**Aim of the task**
Word for word, please restate each record and pass over the pictures.

**Available data**
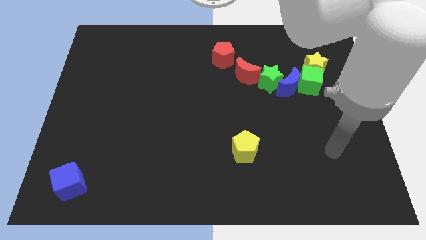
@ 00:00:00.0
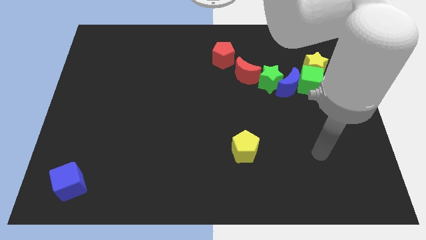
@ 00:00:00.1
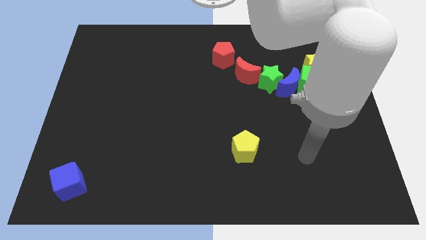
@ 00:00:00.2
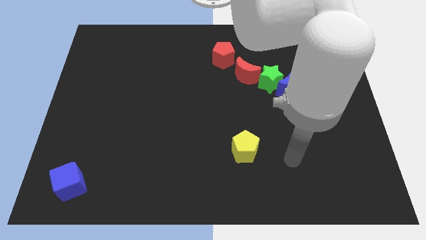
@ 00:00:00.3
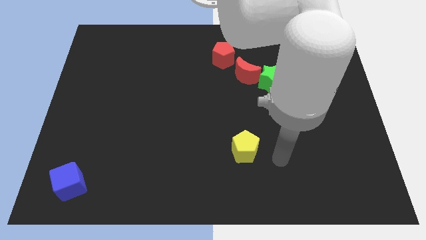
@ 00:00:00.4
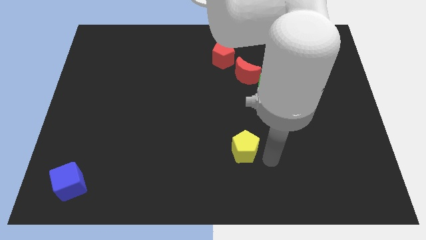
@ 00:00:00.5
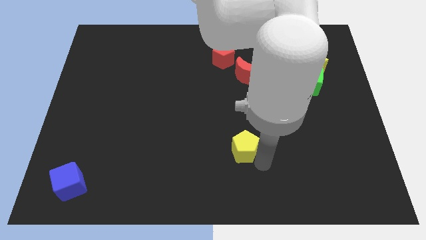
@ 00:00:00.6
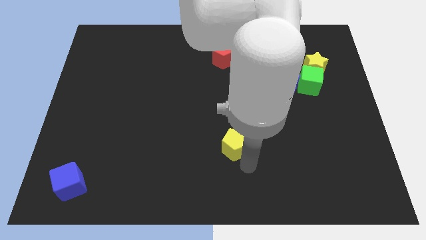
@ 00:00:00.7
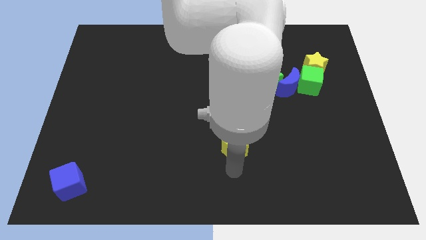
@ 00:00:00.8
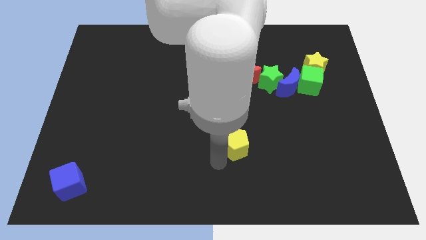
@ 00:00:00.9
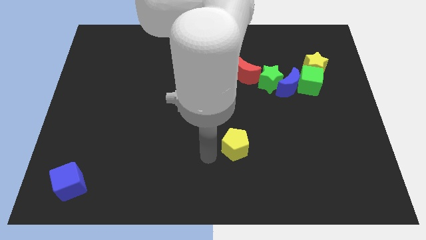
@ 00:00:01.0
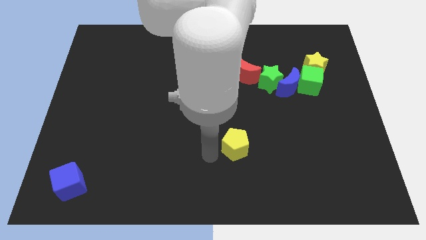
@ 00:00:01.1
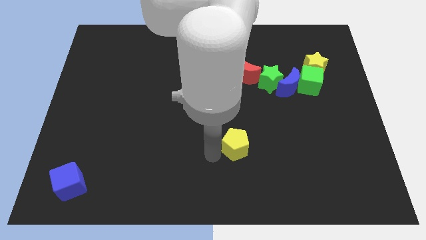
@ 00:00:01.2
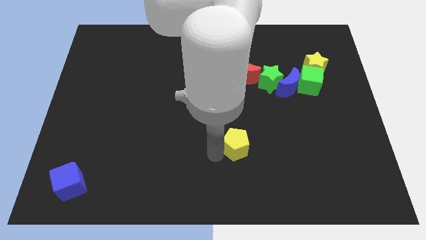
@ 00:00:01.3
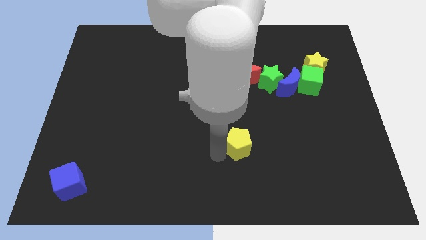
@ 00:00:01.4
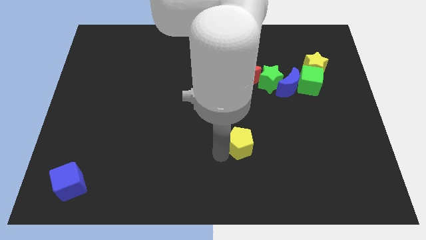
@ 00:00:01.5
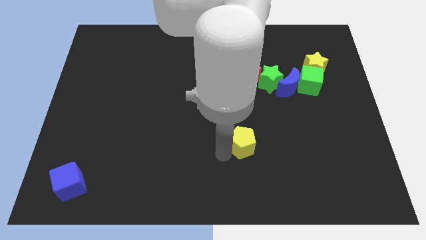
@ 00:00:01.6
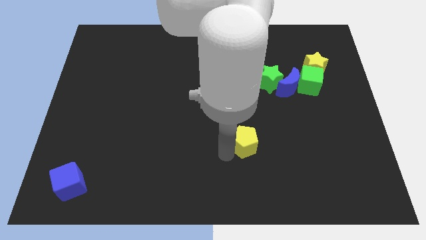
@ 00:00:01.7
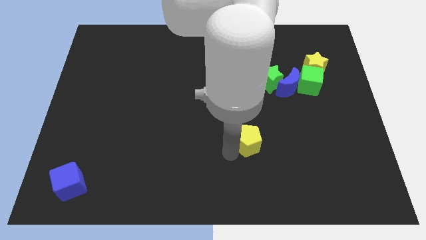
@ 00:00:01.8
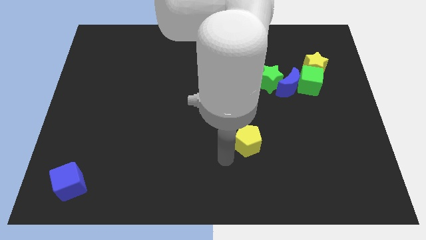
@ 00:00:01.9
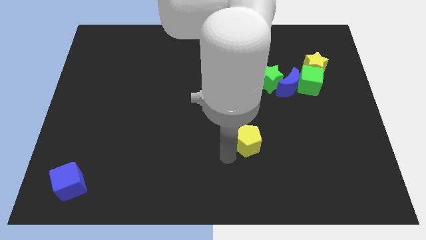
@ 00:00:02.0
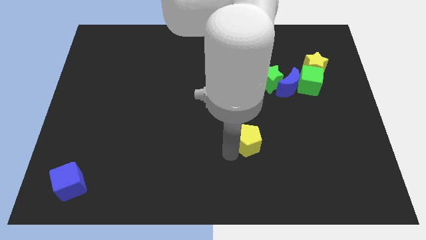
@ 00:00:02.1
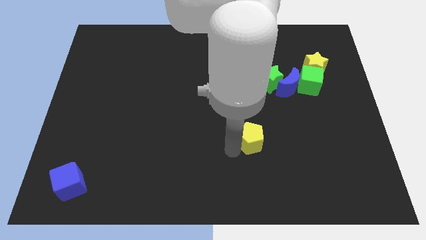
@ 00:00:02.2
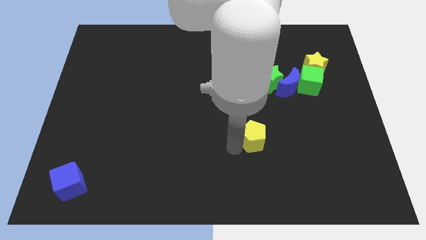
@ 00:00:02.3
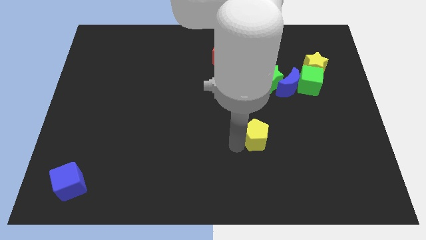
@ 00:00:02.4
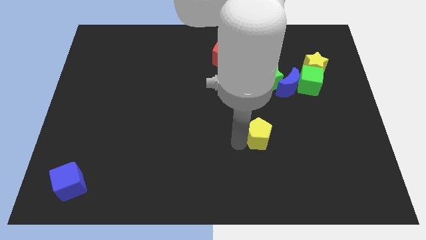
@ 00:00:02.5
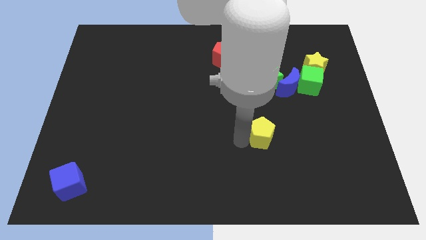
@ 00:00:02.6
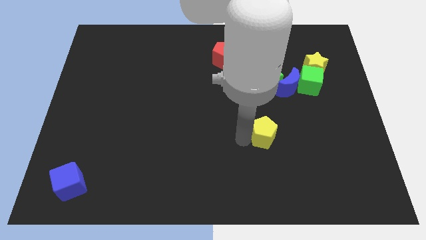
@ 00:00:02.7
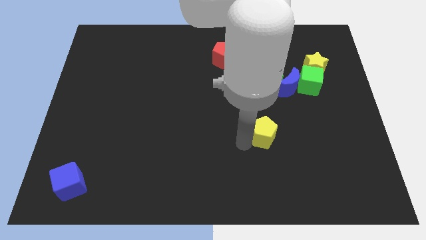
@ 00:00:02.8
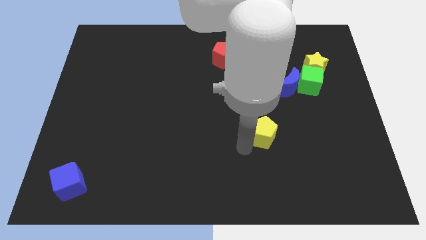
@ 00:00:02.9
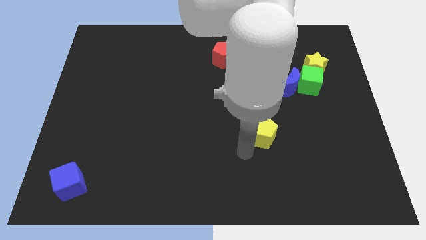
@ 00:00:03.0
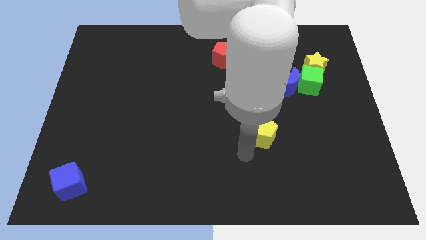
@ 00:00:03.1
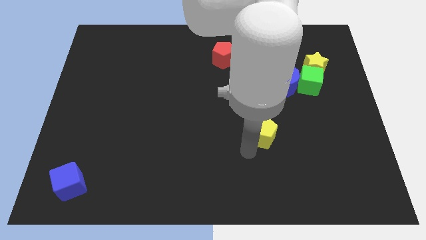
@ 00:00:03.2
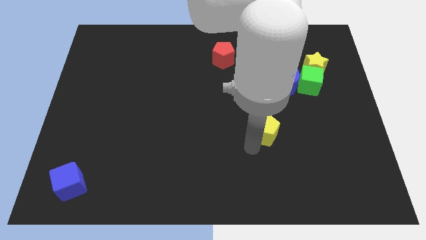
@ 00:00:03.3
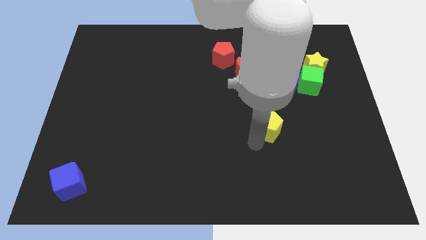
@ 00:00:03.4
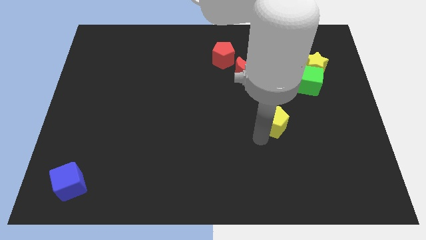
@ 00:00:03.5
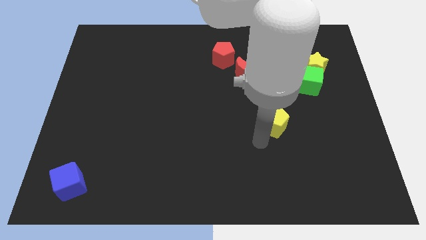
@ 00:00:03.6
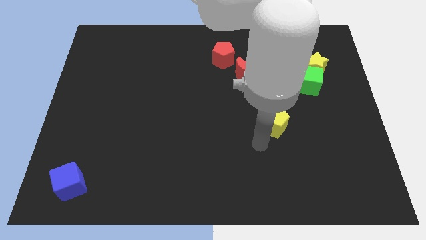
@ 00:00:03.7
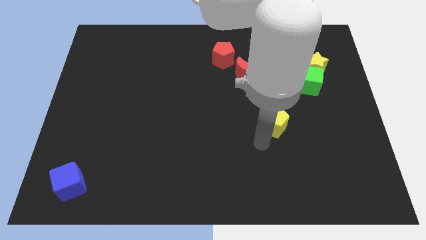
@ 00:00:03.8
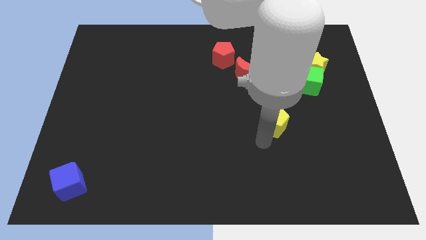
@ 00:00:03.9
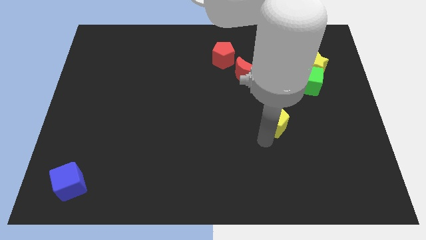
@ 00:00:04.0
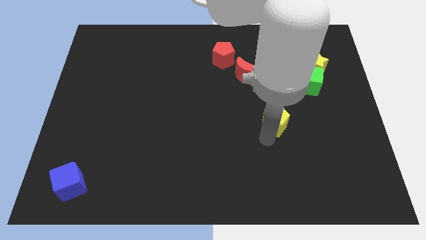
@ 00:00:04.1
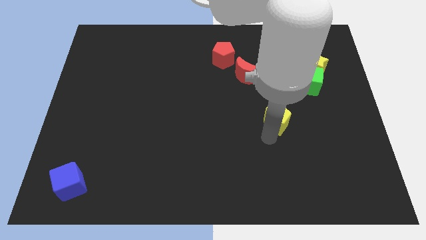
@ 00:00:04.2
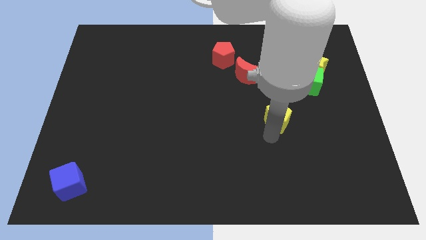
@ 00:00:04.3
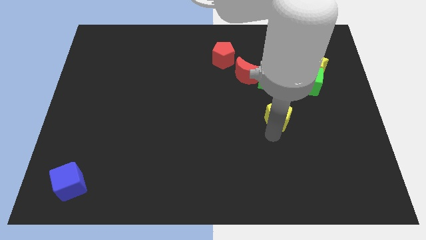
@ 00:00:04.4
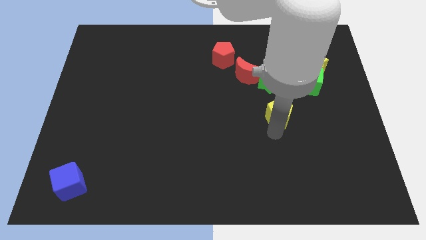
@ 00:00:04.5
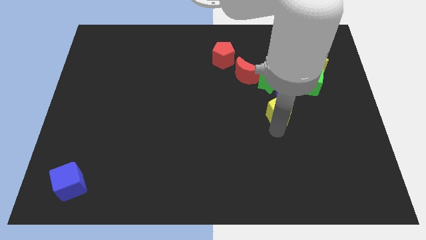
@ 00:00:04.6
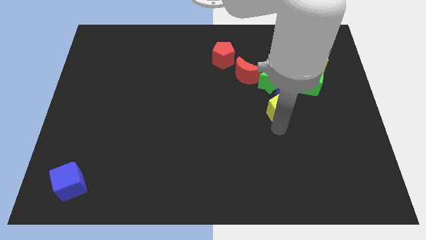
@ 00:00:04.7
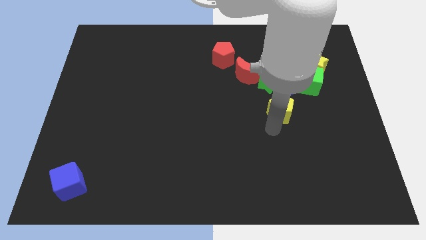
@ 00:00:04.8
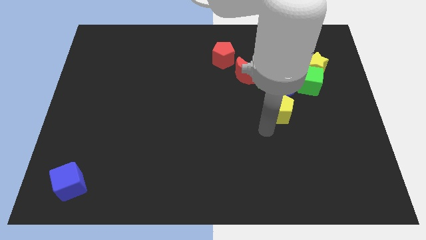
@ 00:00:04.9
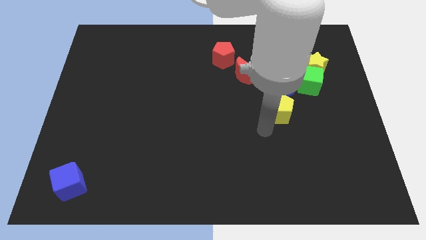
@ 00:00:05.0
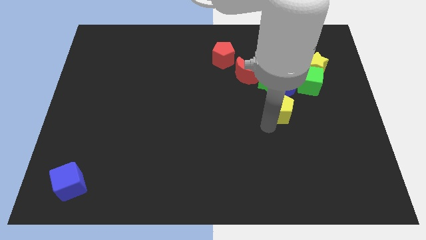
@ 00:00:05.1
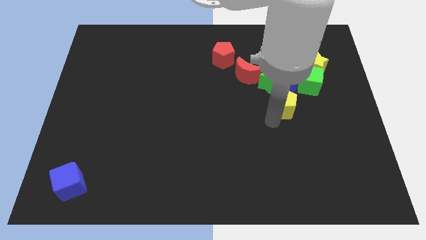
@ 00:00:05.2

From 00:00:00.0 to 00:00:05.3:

**Finished exercise**
@ 00:00:00.0
@ 00:00:00.1
@ 00:00:00.2
@ 00:00:00.3
@ 00:00:00.4
@ 00:00:00.5
@ 00:00:00.6
@ 00:00:00.7
@ 00:00:00.8
@ 00:00:00.9
@ 00:00:01.0
@ 00:00:01.1
@ 00:00:01.2
@ 00:00:01.3
@ 00:00:01.4
@ 00:00:01.5
@ 00:00:01.6
@ 00:00:01.7
@ 00:00:01.8
@ 00:00:01.9
@ 00:00:02.0
@ 00:00:02.1
@ 00:00:02.2
@ 00:00:02.3
@ 00:00:02.4
@ 00:00:02.5
@ 00:00:02.6
@ 00:00:02.7
@ 00:00:02.8
@ 00:00:02.9
@ 00:00:03.0
@ 00:00:03.1
@ 00:00:03.2
@ 00:00:03.3
@ 00:00:03.4
@ 00:00:03.5
@ 00:00:03.6
@ 00:00:03.7
@ 00:00:03.8
@ 00:00:03.9
@ 00:00:04.0
@ 00:00:04.1
@ 00:00:04.2
@ 00:00:04.3
@ 00:00:04.4
@ 00:00:04.5
@ 00:00:04.6
@ 00:00:04.7
@ 00:00:04.8
@ 00:00:04.9
@ 00:00:05.0
@ 00:00:05.1
@ 00:00:05.2

From 00:00:00.0 to 00:00:05.3:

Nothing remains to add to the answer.